In the second situation, you have an application where the architecture, and licensing (or lack there-of), facilitates scaling your number of VM nodes up and down around demand (hourly, or seasonally, or whatever). Stateless and/or simple applications can do this very well, as can applications written to support this deployment topology concept. Having an application where you can add in caching front end servers, or stateless application servers, or database read-only nodes, or other similar pieces, can allow you to scale your capacity up and down based on need, minimizing costs when your traffic is lower.

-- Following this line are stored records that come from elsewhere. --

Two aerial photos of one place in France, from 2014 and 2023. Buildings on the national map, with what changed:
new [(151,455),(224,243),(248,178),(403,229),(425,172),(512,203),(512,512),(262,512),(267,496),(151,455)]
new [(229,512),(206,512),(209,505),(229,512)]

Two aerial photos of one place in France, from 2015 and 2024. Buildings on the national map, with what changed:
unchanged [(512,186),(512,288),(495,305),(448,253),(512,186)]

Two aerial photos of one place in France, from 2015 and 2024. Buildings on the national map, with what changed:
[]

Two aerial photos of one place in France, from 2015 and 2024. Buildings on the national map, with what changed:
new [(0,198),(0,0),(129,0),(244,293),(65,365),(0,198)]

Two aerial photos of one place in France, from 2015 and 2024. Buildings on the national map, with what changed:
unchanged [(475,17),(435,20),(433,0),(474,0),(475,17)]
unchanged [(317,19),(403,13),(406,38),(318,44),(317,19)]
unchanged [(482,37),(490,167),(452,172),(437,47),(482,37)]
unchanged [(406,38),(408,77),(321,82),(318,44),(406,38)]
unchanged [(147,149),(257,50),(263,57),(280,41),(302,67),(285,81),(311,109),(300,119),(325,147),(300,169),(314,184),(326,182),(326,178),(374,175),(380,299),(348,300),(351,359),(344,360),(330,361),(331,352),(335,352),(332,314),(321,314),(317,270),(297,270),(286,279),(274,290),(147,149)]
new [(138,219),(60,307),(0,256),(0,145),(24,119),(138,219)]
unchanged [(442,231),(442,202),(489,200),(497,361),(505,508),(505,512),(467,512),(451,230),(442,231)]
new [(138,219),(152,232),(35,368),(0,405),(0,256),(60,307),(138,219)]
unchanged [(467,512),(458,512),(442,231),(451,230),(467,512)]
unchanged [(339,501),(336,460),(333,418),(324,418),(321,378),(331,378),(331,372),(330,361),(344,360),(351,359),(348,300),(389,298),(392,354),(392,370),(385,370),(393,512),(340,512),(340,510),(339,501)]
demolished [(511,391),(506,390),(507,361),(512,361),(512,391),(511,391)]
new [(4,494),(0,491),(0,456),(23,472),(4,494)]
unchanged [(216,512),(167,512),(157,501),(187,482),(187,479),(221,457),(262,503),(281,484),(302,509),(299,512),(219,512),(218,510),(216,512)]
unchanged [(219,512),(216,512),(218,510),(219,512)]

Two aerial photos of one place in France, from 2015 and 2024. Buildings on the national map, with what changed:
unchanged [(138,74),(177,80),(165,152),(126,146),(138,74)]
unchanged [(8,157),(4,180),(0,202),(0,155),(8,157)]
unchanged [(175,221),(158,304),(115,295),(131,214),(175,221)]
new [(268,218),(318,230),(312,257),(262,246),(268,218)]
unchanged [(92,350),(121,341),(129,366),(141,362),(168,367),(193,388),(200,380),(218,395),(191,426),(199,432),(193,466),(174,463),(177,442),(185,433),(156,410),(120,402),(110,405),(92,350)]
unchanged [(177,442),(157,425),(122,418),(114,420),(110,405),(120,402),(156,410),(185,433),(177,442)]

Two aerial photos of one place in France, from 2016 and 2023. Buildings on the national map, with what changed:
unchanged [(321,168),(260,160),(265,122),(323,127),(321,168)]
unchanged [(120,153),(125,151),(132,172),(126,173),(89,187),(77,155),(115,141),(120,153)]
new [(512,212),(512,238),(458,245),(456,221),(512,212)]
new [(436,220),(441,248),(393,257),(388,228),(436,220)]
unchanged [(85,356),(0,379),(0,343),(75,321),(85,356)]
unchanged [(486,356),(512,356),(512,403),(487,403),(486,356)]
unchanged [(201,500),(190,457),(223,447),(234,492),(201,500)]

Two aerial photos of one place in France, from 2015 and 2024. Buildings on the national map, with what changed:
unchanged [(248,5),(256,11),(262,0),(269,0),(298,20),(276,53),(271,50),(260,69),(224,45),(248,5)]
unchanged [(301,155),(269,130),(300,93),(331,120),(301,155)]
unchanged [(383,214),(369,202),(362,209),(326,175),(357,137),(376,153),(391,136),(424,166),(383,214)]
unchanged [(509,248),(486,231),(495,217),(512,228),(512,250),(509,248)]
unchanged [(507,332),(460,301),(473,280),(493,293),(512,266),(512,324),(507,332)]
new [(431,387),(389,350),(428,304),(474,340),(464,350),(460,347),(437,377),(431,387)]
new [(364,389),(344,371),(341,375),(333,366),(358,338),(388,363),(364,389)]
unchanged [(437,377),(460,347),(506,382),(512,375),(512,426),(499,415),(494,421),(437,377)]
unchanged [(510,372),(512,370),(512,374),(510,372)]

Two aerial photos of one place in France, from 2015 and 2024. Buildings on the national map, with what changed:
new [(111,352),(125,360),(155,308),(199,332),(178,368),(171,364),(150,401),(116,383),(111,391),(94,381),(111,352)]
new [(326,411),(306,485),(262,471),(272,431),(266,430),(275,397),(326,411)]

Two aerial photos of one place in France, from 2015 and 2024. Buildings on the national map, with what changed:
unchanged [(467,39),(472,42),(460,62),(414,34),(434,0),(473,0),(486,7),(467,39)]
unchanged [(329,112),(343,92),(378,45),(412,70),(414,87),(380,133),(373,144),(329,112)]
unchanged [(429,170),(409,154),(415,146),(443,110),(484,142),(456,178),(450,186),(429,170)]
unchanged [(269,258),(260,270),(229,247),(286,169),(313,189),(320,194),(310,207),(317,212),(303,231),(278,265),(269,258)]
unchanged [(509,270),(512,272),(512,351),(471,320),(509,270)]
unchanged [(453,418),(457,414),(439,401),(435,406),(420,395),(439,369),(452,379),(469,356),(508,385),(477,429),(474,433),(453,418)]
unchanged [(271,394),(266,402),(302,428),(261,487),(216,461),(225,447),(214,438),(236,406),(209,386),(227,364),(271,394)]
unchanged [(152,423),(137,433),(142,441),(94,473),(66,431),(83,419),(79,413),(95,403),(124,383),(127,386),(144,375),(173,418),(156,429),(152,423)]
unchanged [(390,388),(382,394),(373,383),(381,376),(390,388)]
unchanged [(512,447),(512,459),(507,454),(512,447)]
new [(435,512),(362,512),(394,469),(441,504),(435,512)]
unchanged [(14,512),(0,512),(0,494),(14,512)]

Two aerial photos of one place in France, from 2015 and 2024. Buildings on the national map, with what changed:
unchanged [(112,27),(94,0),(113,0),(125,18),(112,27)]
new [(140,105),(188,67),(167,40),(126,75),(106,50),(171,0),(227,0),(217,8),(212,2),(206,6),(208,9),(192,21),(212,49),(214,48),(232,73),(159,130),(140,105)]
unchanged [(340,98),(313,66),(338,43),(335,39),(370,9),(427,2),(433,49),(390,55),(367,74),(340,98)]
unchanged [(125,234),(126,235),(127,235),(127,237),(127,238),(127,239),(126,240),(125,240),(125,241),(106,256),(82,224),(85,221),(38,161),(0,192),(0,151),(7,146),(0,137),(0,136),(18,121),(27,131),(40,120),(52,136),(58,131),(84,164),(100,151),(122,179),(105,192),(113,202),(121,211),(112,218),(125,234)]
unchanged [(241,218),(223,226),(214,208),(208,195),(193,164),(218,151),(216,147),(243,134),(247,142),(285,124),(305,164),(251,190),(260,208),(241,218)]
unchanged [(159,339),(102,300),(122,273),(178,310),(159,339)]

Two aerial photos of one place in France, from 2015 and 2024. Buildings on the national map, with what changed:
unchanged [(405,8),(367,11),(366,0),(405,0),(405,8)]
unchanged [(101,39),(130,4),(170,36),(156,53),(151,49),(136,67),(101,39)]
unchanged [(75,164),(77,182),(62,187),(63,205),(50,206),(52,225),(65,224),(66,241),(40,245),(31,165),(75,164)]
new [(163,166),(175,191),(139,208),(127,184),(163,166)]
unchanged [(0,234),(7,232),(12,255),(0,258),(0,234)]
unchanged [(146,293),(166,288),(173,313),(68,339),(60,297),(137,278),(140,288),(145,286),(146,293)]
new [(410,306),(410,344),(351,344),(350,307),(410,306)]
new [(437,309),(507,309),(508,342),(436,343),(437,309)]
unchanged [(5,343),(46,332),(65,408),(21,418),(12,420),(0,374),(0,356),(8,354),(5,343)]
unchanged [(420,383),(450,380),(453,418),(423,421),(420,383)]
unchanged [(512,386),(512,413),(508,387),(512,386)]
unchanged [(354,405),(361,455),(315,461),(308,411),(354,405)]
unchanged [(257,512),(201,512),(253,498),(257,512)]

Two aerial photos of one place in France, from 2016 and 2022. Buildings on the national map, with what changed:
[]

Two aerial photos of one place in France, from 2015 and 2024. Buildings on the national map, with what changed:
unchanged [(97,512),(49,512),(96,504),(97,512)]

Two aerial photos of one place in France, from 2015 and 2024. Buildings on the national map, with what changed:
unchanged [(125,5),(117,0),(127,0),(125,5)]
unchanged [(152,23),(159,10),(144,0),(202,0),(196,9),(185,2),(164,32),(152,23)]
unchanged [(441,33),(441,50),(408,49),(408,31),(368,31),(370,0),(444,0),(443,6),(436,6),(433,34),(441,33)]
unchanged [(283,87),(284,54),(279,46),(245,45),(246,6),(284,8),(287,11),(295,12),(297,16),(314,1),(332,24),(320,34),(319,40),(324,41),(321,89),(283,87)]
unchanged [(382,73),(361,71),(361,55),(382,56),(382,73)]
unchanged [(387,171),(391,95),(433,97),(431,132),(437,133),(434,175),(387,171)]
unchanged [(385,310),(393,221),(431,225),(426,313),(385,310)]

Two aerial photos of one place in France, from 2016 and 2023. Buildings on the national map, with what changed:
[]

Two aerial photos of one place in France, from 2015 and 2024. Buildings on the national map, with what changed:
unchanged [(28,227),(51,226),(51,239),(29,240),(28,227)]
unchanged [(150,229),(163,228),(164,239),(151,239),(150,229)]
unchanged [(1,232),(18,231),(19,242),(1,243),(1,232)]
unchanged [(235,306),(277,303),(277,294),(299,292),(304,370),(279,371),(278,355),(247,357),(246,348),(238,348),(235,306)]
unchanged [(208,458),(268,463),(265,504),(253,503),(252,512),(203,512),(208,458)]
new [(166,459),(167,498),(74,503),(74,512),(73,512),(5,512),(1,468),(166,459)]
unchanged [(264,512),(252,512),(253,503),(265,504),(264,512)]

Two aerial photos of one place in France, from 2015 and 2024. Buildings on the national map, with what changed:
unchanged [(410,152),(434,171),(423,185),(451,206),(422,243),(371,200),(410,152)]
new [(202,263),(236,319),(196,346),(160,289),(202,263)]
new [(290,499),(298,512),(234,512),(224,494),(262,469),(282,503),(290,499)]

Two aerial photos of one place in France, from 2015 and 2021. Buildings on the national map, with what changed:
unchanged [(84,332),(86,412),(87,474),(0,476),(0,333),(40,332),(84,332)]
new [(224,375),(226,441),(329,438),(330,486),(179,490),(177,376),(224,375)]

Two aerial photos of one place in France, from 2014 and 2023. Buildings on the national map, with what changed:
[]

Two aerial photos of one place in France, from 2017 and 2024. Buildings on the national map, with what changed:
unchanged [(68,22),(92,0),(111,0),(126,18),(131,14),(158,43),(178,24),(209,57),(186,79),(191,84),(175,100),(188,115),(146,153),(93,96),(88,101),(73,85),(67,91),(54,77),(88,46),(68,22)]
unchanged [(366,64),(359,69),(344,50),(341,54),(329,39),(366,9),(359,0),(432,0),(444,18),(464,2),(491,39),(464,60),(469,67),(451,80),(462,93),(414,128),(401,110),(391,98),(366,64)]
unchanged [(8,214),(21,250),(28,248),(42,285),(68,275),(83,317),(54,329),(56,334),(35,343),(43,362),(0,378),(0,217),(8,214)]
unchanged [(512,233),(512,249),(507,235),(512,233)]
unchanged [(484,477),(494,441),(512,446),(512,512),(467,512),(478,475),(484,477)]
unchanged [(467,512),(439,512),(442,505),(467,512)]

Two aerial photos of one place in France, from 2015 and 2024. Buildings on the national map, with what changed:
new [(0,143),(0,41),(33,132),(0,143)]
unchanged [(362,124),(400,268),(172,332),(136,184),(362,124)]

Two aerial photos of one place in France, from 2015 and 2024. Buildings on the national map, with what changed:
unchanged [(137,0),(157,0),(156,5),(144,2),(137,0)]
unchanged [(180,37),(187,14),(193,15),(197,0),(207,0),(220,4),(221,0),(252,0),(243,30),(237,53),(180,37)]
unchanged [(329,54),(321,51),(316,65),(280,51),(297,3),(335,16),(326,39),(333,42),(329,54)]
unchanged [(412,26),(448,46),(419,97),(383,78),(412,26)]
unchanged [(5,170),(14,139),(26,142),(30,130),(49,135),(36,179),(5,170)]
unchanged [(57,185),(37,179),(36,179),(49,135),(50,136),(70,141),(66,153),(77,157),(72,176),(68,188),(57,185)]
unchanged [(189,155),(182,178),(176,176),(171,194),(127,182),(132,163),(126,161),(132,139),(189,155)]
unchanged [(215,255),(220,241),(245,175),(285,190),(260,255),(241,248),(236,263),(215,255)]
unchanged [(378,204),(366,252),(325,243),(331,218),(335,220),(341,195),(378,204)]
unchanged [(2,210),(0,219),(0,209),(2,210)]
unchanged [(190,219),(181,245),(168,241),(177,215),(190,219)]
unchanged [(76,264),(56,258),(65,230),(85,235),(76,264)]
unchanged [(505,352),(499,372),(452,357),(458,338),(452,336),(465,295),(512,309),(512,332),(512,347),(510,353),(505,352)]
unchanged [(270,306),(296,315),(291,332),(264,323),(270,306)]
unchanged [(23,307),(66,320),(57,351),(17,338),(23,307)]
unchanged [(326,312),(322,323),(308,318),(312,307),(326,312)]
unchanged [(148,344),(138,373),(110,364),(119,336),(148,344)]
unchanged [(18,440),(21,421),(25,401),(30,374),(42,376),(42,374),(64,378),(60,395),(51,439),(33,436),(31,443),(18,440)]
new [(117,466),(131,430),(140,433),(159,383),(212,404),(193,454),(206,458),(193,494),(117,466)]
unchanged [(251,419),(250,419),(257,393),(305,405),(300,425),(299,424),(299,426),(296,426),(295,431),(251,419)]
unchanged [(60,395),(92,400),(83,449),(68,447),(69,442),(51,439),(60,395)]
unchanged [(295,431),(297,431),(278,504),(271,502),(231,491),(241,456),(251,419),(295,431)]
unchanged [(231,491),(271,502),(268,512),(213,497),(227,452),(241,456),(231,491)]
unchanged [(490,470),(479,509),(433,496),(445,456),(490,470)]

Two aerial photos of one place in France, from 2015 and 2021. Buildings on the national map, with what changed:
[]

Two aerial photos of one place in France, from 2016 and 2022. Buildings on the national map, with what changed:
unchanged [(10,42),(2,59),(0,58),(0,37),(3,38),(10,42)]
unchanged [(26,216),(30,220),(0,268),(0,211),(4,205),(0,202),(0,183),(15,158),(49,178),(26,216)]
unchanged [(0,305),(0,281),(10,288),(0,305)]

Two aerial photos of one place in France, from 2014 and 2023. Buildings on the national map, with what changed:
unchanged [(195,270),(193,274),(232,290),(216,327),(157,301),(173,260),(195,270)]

Pintrest does this in a way that saves them significant hosting costs. Netflix is another great example of a very elastic and self managing scalable application. Many other web apps support similar scaling.

Why Cloud Isn’t a Good Fit for ATG/Oracle Commerce Hosting

As you can imagine, ATG/Oracle Commerce doesn’t fit into either of these two high level use cases.

ATG/Oracle Commerce environments almost always need a full server’s resources or multiple servers’ resources. Production obviously needs multiple servers’ worth of CPU, RAM, and I/O. And in production, where page response times have a direct impact on conversions and revenue, the performance overhead of a VM system has significantly negative impacts on your revenue. In Development or Staging environments, you typically will need 16-32 GB of RAM per environment, plus Database, for Development you want quick restart times (CPU heavy), and in Stage you will probably want to be able to run load testing, so you need performance that maps well to production and isn’t artificially constrained on VM system disk I/O or sub-par virtual CPUs.

While the ATG/Oracle Commerce platform has some impressive architecture, it is not set up for easy cluster topology changes. The BCC/CA deployment configuration points to hostnames/IPs and ports for each agent, and it has to know what agents are live so it can ensure accurate deployments to all of them. Also if you add in new agents (app server instances), assuming you don’t want to do a full deploy (you don’t), you’ll need to pre-load the latest deployment data and VFS files, as well as the current snapshot ID, make sure the switching data sources are all lined up to match the current live config of the existing instances, and then add the new agent to the CA deployment topology. You will also need to add all new instances to your load balancer or Apache proxy configuration, and reload. There are also complications around instance names and ports in various JMS messages, cache invalidation events, lock managers, etc., that can add serious speed bumps to making frequent on the fly cluster topology changes.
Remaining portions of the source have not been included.